2014 has been a challenging year for me. My faith in God and in myself was tested. But what's good about tests is that there are two results available: you succeed or you fail. Not all who face trials come out as wounded individuals. Some come out as survivors. In all honesty, I can say that I survived the test and came out as a better individual.
I became wiser and stronger to let go of things that aren't meant for me and I became braver to step on a different path which is way out of my comfort zone. I learn how to forgive the people who haven't treated me fairly. I learn to let go of hatred and chose to dwell on the positive side. It has not been an easy journey. It took me long hours of crying and contemplating.

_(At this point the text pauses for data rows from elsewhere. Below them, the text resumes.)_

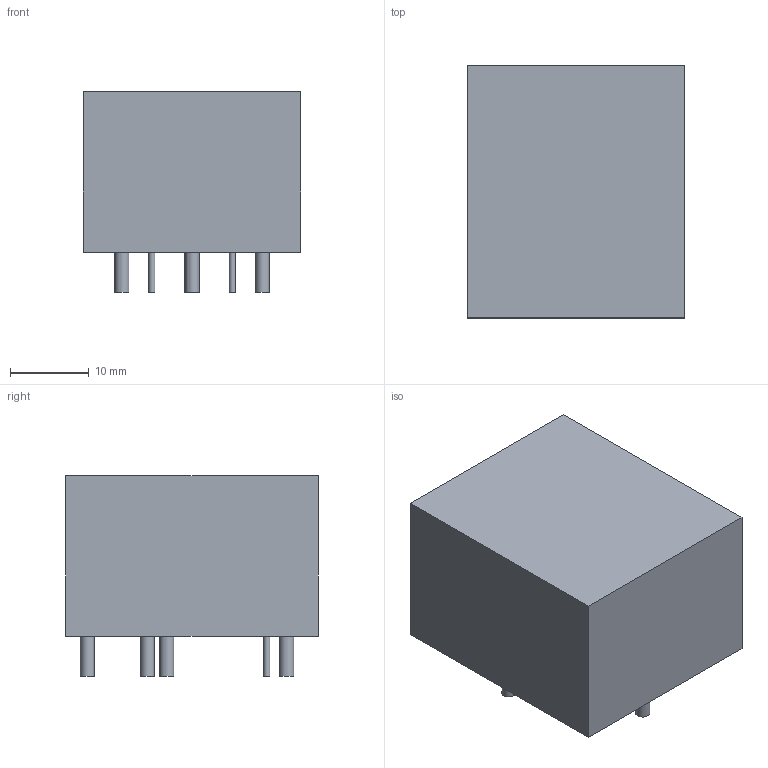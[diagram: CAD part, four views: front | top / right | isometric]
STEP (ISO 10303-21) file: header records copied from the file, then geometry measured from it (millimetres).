
FILE_DESCRIPTION(('FreeCAD Model'),'2;1');
FILE_NAME('2409044.1.3.stp','2020-04-11T01:55:35',( 'Author'),(''),'Open CASCADE STEP processor 6.9','FreeCAD','Unknown' );
FILE_SCHEMA(('AUTOMOTIVE_DESIGN { 1 0 10303 214 1 1 1 1 }'));
Length unit declared in the file: millimetre
Products named in the file (3): ASSEMBLY; Body; Leads
Assembly tree (7 placements, depth 2):
  ASSEMBLY
    Body
    Leads  x6
Bounding box: 27.6 x 32 x 25.5 mm (x, y, z)
Volume: 18359.5 mm3; surface area: 5178.3 mm2
Topology: 37 solids, 37 shells, 114 faces, 120 edges, 80 vertices
Faces by surface type: plane 78, cylinder 36
Full cylindrical faces by diameter (mm): 0.8 x12, 1.8 x24
Entity records: 1017 total; most frequent: DIRECTION 166, CARTESIAN_POINT 142, LINE 66, VECTOR 66, ORIENTED_EDGE 60, PCURVE 60, DEFINITIONAL_REPRESENTATION 60, AXIS2_PLACEMENT_3D 44

Months of looking for the best field for me to serve as my ground zero. It was hard, and tiring and obviously a lot of effort was exerted. But after many months, I have talked seriously with myself and the Lord. I asked for His divine providence. It is really on those difficult times that we will be able to see His omniscence and omnipotence. I had encountered several rejections this year and sometimes I cant help but ask Him why? Or even why me? But just when I am about to lose hope and just laid to His feet everything, like giving Him the steering wheel of my life, there He took me to the right path. He really knows what my heart wanted, and He never made me settle for less than I deserve, and with that I am completely thankful.
After all that had happened, I was just thankful with everthing that has happened to me in the past year. Lord, thank you for everthing. I won't give much emphasis on the good and happy times coz I know I had made it a habit to thank You for those kind of things. But let me thank You for the trials and the struggles I faced this year because on those trials, I became a better person and also, Lord, thank you for the presence of the people I value who never gave up on cheering me when all I do was cry. Thank You Lord for Your guidance. It was You who made this all possible, and with that, I cannot find a word to describe how much I am competely thankful.